• **THE TASK**
Reprint all records below exactly. No images.

****

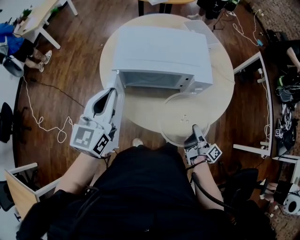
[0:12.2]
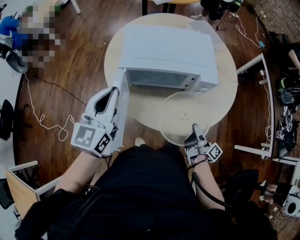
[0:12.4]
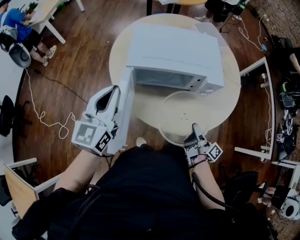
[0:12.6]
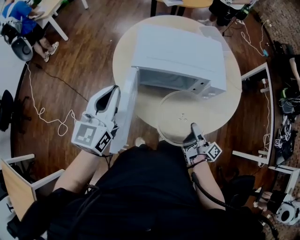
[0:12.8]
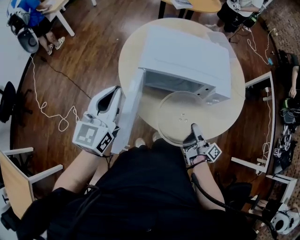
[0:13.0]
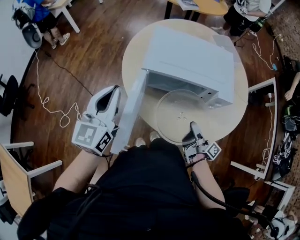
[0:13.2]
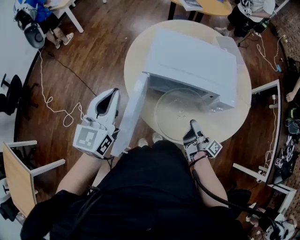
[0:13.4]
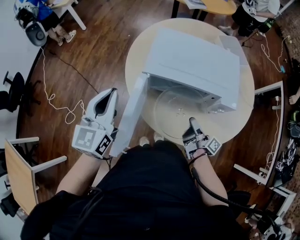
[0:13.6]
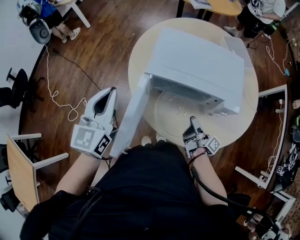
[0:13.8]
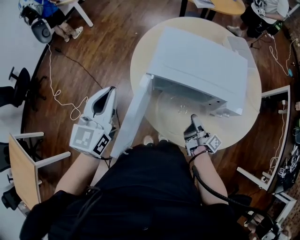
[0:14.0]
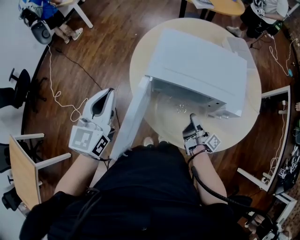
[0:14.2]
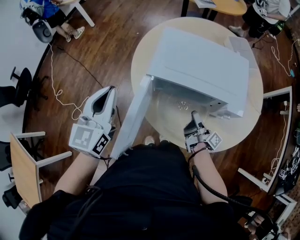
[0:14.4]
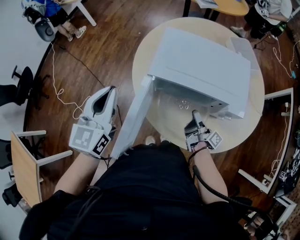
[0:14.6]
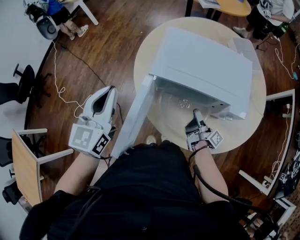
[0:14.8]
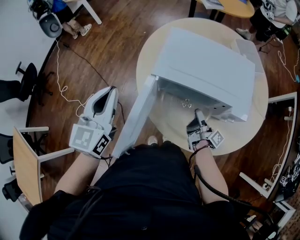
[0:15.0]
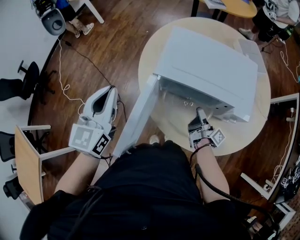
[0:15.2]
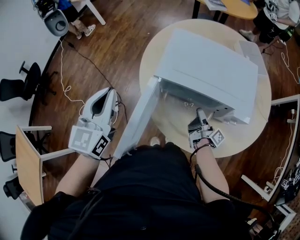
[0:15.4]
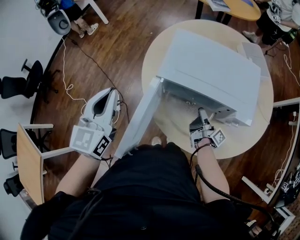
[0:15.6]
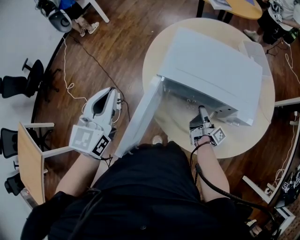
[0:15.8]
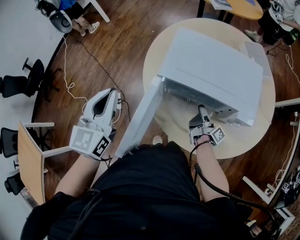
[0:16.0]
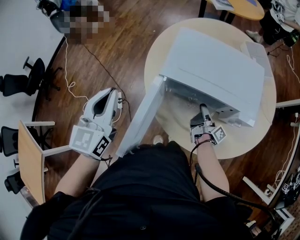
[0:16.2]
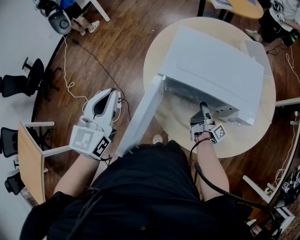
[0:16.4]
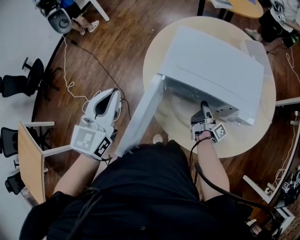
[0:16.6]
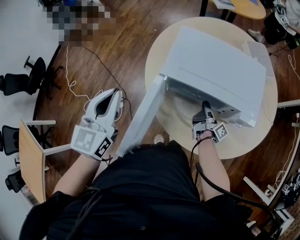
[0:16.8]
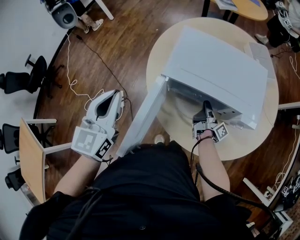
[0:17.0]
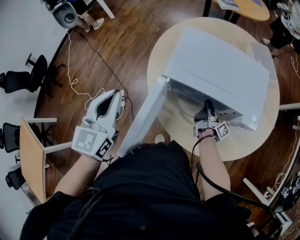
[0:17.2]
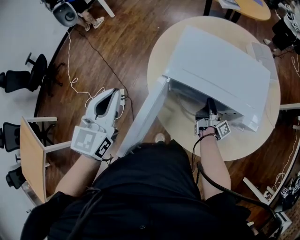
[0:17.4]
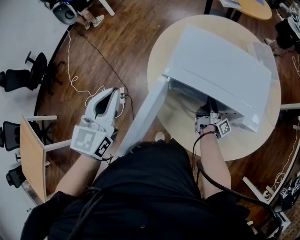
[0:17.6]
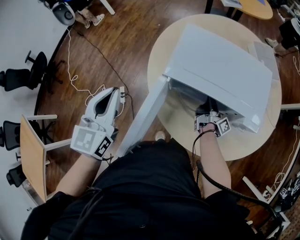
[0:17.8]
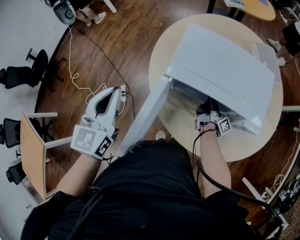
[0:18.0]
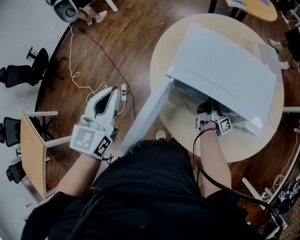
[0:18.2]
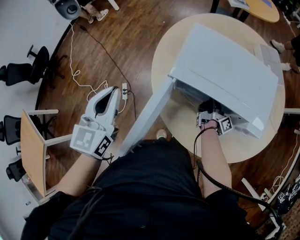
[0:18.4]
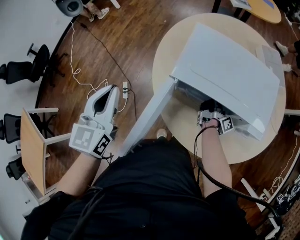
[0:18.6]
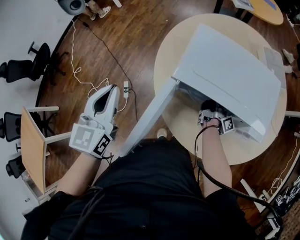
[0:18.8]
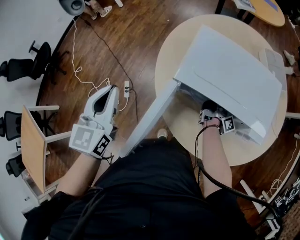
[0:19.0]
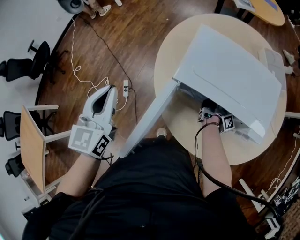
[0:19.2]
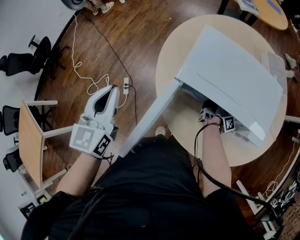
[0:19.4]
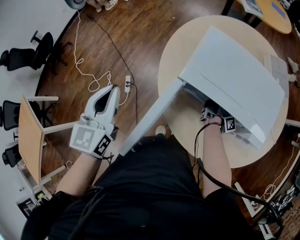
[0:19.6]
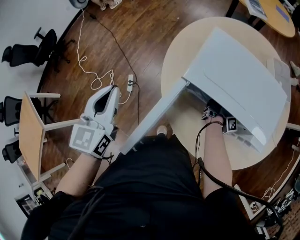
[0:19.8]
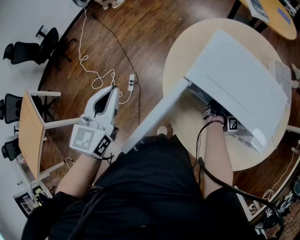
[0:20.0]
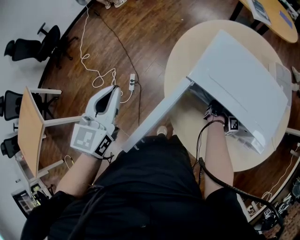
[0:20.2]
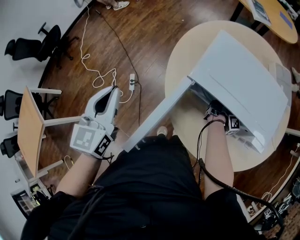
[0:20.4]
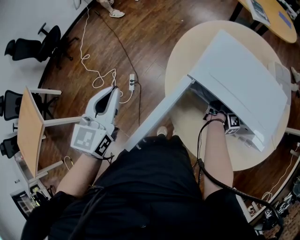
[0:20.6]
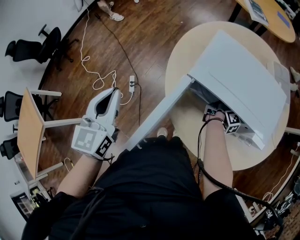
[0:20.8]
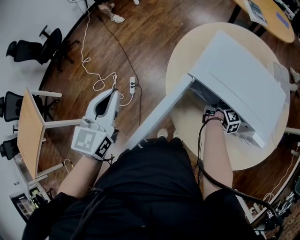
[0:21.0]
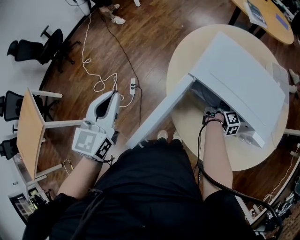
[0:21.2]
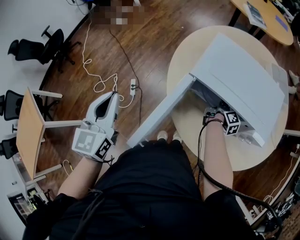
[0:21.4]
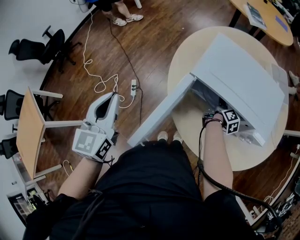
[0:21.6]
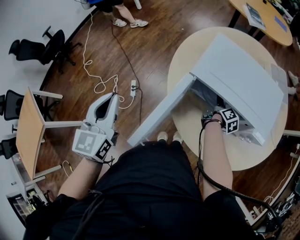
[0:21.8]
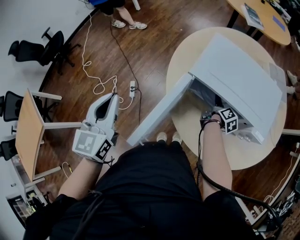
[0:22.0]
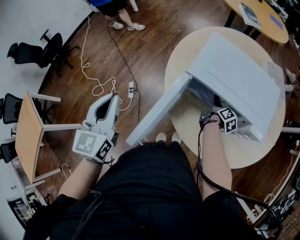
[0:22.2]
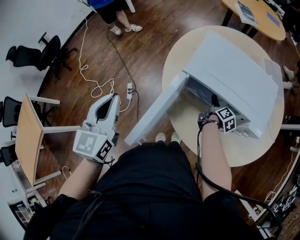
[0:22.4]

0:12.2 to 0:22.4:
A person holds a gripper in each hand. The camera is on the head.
0:12.2 to 0:13.6: The left gripper goes some 10 cm to the left. Meanwhile the right gripper goes approximately 15 cm to the left and forward.
0:13.6 to 0:15.2: The right gripper goes some 5 cm forward.
0:15.2 to 0:16.6: There are only small adjustments of the grippers.
0:16.6 to 0:18.0: The grippers make only small movements.
0:18.0 to 0:19.4: The grippers move only a little.
0:19.4 to 0:21.0: The right gripper turns by about 30 degrees, and opens. The left gripper shifts roughly 5 cm backward.
0:21.0 to 0:22.4: The grippers move only a little.

****

• **TASK RESULT**
[0:12.2]
[0:12.4]
[0:12.6]
[0:12.8]
[0:13.0]
[0:13.2]
[0:13.4]
[0:13.6]
[0:13.8]
[0:14.0]
[0:14.2]
[0:14.4]
[0:14.6]
[0:14.8]
[0:15.0]
[0:15.2]
[0:15.4]
[0:15.6]
[0:15.8]
[0:16.0]
[0:16.2]
[0:16.4]
[0:16.6]
[0:16.8]
[0:17.0]
[0:17.2]
[0:17.4]
[0:17.6]
[0:17.8]
[0:18.0]
[0:18.2]
[0:18.4]
[0:18.6]
[0:18.8]
[0:19.0]
[0:19.2]
[0:19.4]
[0:19.6]
[0:19.8]
[0:20.0]
[0:20.2]
[0:20.4]
[0:20.6]
[0:20.8]
[0:21.0]
[0:21.2]
[0:21.4]
[0:21.6]
[0:21.8]
[0:22.0]
[0:22.2]
[0:22.4]

0:12.2 to 0:22.4:
A person holds a gripper in each hand. The camera is on the head.
0:12.2 to 0:13.6: The left gripper goes some 10 cm to the left. Meanwhile the right gripper goes approximately 15 cm to the left and forward.
0:13.6 to 0:15.2: The right gripper goes some 5 cm forward.
0:15.2 to 0:16.6: There are only small adjustments of the grippers.
0:16.6 to 0:18.0: The grippers make only small movements.
0:18.0 to 0:19.4: The grippers move only a little.
0:19.4 to 0:21.0: The right gripper turns by about 30 degrees, and opens. The left gripper shifts roughly 5 cm backward.
0:21.0 to 0:22.4: The grippers move only a little.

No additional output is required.